→ **HOW TO COMPLETE THIS TASK**:
Copy every line of the records below where the word "མཚམས" occurs.

(Records drawn from a dataset)

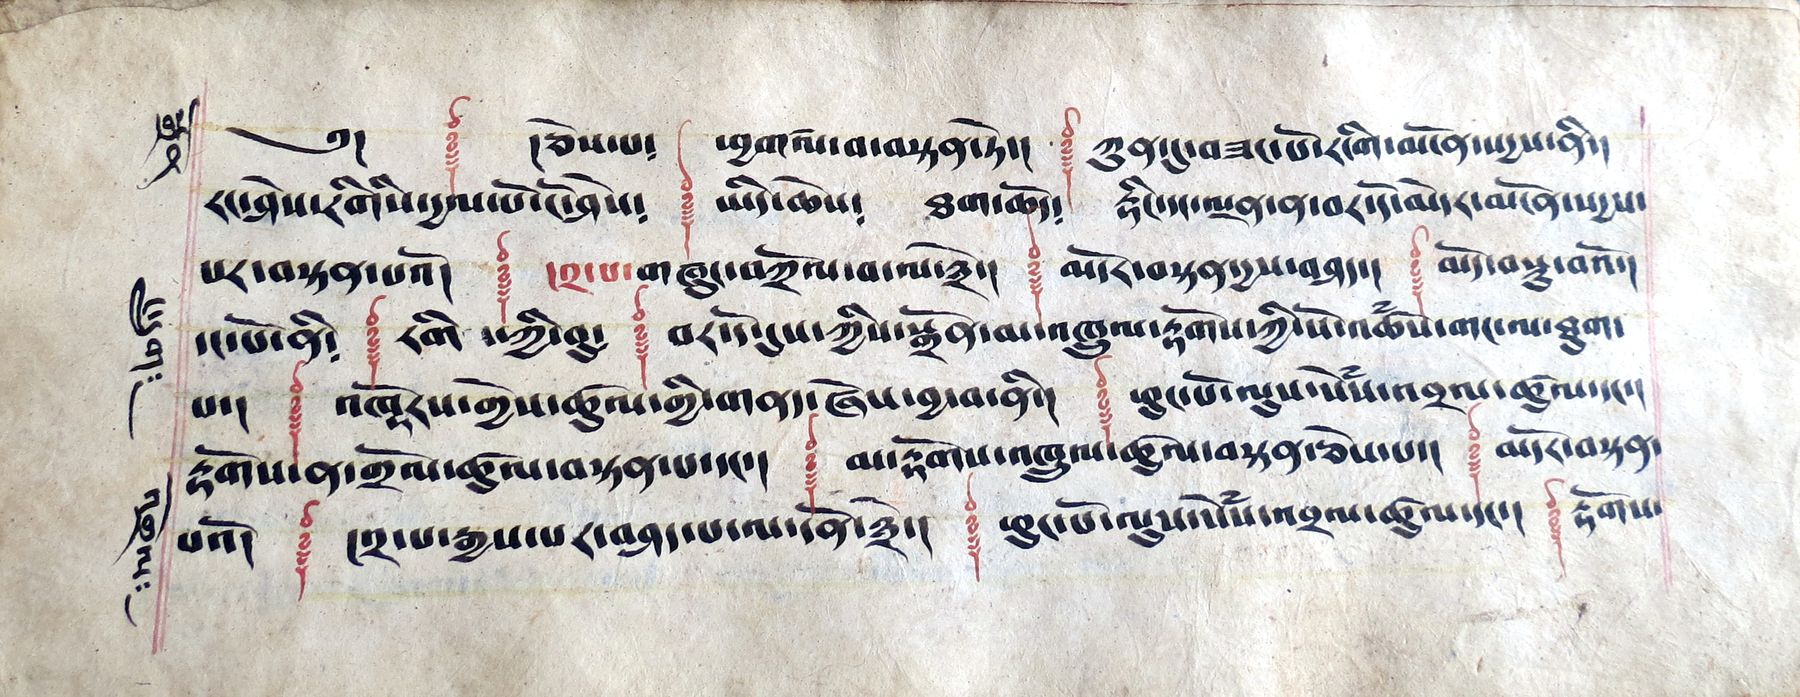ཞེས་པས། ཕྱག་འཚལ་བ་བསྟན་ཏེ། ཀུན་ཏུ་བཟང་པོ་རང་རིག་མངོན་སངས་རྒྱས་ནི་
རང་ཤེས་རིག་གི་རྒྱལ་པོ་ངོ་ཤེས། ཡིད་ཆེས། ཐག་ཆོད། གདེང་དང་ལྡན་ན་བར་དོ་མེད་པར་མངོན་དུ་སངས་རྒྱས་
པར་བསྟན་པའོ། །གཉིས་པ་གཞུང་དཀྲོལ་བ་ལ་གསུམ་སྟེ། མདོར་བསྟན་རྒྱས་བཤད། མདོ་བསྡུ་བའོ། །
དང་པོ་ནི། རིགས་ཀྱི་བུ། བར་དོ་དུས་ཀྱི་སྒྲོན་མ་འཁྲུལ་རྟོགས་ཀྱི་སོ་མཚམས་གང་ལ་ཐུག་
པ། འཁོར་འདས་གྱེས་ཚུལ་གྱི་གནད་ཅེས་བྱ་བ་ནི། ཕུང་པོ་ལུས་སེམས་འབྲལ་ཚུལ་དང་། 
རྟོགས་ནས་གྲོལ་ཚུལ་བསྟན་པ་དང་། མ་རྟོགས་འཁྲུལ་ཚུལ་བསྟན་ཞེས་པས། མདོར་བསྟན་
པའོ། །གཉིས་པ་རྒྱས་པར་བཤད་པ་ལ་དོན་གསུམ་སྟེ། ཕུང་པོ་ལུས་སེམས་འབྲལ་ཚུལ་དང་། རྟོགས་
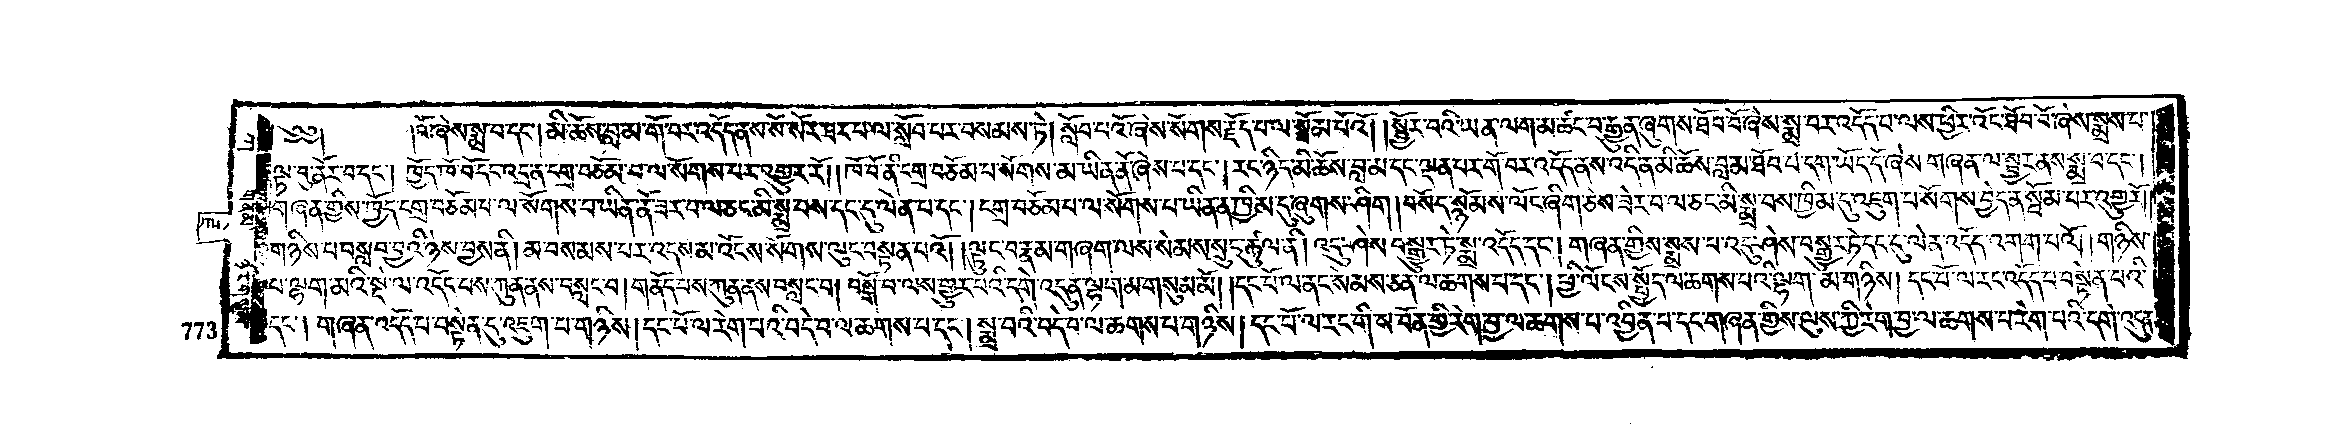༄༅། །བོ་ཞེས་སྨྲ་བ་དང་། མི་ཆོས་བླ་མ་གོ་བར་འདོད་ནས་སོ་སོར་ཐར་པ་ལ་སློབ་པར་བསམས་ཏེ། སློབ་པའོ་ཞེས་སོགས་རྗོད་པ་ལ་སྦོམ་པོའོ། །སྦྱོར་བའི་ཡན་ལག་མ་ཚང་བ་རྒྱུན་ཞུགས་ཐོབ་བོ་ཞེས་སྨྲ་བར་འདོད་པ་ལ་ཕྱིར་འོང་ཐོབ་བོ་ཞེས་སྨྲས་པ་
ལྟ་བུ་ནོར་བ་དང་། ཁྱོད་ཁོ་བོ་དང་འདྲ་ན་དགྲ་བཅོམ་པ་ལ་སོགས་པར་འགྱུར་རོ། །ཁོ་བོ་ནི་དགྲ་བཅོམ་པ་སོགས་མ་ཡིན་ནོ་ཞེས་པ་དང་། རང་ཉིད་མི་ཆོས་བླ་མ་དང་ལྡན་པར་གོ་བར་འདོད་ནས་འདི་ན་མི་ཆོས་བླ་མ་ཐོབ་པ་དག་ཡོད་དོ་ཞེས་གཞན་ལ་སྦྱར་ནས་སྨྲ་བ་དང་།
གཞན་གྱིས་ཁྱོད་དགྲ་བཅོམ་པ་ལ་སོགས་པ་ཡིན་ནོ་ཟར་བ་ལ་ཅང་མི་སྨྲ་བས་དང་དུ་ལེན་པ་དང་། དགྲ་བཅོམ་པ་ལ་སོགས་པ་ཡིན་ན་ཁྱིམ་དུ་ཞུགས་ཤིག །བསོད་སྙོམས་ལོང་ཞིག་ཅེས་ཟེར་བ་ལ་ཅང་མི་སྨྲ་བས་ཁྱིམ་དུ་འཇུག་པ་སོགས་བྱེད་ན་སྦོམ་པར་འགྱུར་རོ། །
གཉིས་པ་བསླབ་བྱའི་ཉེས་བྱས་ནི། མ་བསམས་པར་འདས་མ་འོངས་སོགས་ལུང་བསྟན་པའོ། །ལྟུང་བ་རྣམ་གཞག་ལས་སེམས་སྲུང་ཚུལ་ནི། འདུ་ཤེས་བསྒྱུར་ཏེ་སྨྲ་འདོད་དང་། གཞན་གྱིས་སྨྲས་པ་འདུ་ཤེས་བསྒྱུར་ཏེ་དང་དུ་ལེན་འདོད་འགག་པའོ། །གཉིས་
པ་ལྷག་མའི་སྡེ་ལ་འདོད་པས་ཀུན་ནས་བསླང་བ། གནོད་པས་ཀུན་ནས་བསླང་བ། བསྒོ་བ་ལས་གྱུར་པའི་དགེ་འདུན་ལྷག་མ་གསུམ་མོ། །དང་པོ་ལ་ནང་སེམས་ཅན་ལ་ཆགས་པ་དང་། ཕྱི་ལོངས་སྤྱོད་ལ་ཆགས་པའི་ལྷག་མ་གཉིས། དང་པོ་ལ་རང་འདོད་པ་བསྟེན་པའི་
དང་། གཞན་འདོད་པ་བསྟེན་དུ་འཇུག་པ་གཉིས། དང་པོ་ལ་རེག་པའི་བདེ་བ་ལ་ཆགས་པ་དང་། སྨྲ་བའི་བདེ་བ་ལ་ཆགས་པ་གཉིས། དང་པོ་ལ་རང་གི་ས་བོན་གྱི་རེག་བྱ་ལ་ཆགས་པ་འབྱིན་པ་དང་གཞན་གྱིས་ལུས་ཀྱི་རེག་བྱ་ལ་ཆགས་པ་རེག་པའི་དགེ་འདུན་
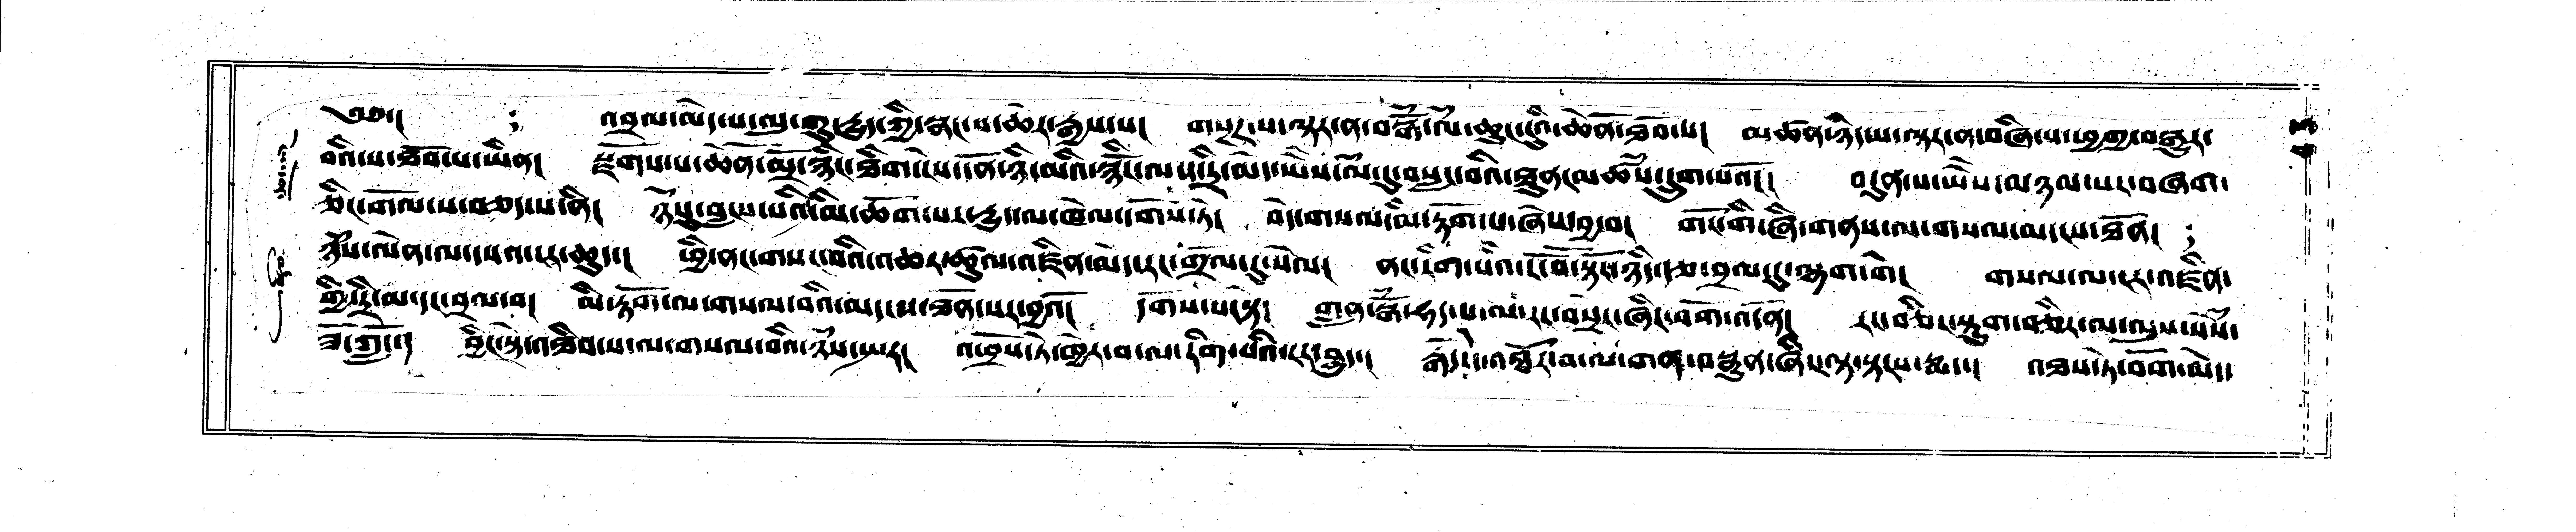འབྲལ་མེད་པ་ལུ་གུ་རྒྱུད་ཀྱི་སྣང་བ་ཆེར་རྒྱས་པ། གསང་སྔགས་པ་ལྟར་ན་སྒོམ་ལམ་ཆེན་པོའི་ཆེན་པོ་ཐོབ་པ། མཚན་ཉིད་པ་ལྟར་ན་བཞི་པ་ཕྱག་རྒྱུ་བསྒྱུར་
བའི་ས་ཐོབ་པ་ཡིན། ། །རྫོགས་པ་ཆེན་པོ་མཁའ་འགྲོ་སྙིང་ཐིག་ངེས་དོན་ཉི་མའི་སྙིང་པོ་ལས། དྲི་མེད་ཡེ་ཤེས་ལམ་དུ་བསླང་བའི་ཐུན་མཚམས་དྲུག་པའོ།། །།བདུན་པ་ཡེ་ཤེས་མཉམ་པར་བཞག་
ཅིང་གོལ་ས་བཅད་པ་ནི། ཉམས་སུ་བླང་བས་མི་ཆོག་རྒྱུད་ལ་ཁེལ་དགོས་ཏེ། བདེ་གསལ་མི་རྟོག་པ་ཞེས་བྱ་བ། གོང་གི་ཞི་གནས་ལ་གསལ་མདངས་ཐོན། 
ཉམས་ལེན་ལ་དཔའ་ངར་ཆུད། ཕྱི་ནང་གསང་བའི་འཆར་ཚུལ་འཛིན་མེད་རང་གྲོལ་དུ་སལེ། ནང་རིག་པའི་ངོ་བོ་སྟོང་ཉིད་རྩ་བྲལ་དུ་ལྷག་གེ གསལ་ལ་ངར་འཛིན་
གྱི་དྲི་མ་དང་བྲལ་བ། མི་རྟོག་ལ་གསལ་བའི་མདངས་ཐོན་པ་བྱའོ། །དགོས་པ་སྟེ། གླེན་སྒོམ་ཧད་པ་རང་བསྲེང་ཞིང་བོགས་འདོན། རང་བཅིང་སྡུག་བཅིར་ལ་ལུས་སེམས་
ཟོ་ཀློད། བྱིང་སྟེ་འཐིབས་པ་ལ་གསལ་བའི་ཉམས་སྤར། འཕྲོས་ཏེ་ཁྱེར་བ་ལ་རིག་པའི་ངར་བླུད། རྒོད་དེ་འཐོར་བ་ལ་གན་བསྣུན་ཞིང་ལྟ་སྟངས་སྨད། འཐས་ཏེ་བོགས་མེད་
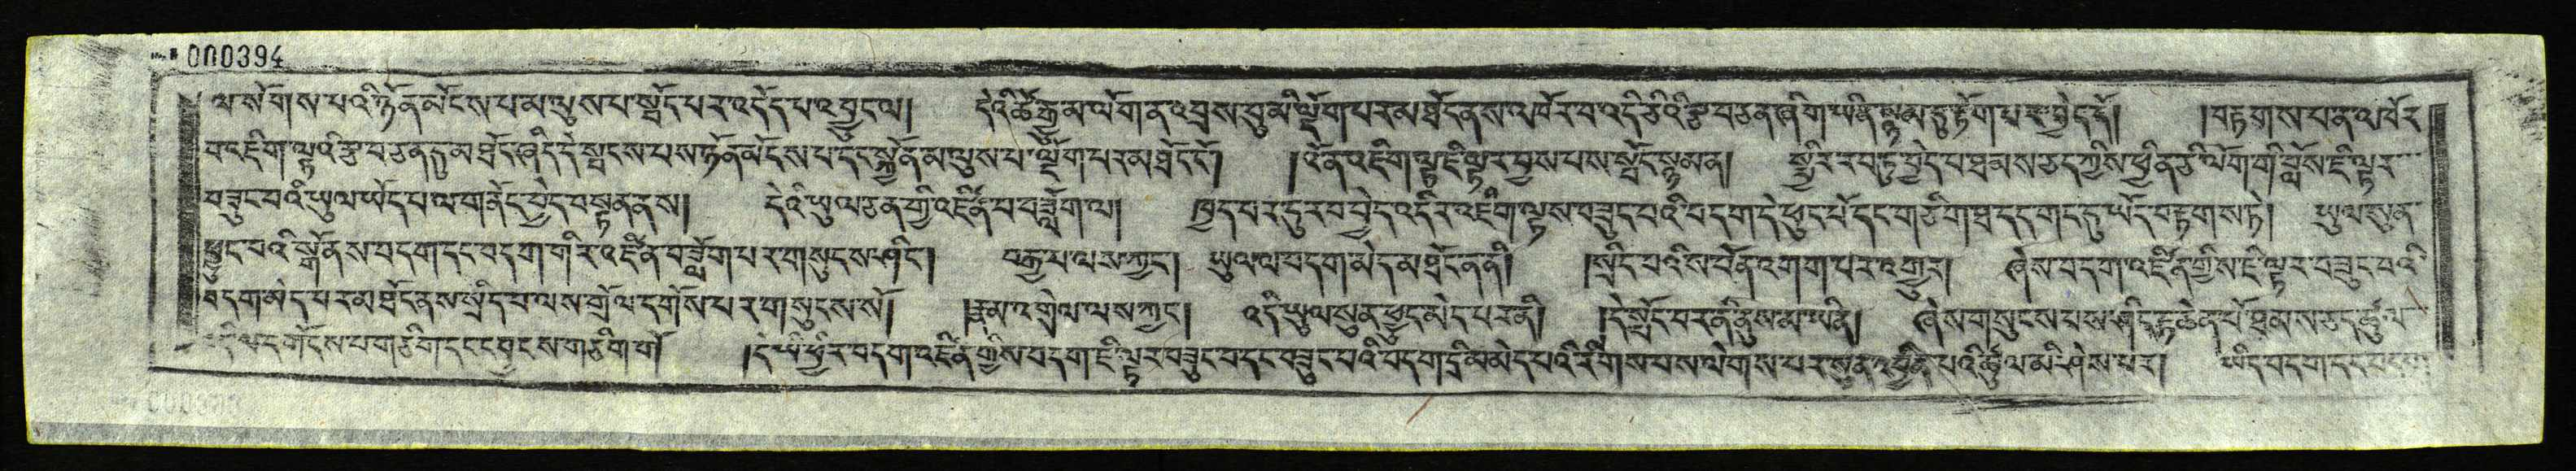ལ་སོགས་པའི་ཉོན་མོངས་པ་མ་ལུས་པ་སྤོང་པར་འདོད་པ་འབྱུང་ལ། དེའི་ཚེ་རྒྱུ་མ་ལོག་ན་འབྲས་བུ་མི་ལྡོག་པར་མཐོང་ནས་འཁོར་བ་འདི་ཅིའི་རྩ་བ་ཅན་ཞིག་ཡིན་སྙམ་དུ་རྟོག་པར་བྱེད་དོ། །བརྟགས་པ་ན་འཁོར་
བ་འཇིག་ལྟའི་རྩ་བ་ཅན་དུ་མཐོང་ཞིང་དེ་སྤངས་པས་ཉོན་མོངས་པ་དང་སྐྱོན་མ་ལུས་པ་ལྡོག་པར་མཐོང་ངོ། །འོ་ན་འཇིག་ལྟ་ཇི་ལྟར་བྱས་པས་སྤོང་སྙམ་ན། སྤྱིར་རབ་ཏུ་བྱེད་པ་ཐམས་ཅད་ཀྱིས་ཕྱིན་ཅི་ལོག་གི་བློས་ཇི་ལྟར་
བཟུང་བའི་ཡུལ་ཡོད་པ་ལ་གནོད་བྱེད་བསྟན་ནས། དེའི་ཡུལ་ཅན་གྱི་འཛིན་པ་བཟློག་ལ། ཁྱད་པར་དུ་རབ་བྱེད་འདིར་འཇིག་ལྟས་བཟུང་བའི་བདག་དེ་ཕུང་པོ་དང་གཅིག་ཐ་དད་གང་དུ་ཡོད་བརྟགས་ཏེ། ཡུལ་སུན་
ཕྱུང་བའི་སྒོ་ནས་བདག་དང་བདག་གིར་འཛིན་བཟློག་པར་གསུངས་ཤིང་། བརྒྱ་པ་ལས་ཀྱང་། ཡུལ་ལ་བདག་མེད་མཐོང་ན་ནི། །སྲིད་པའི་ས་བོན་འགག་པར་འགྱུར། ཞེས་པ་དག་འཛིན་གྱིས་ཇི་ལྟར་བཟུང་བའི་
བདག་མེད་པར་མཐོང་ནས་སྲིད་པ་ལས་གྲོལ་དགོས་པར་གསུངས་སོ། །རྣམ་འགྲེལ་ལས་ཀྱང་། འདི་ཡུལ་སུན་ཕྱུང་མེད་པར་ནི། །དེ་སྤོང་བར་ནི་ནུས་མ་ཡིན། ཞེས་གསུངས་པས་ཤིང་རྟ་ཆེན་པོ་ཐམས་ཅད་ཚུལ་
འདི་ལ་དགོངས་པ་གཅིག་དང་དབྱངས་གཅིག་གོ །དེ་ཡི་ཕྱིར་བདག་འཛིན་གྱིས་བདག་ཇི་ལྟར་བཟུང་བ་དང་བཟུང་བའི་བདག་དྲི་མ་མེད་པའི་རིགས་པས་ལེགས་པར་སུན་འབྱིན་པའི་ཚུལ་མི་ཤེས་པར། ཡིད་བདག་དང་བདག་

→ **ANSWER TO THIS TASK**:
དང་པོ་ནི། རིགས་ཀྱི་བུ། བར་དོ་དུས་ཀྱི་སྒྲོན་མ་འཁྲུལ་རྟོགས་ཀྱི་སོ་མཚམས་གང་ལ་ཐུག་
བའི་ས་ཐོབ་པ་ཡིན། ། །རྫོགས་པ་ཆེན་པོ་མཁའ་འགྲོ་སྙིང་ཐིག་ངེས་དོན་ཉི་མའི་སྙིང་པོ་ལས། དྲི་མེད་ཡེ་ཤེས་ལམ་དུ་བསླང་བའི་ཐུན་མཚམས་དྲུག་པའོ།། །།བདུན་པ་ཡེ་ཤེས་མཉམ་པར་བཞག་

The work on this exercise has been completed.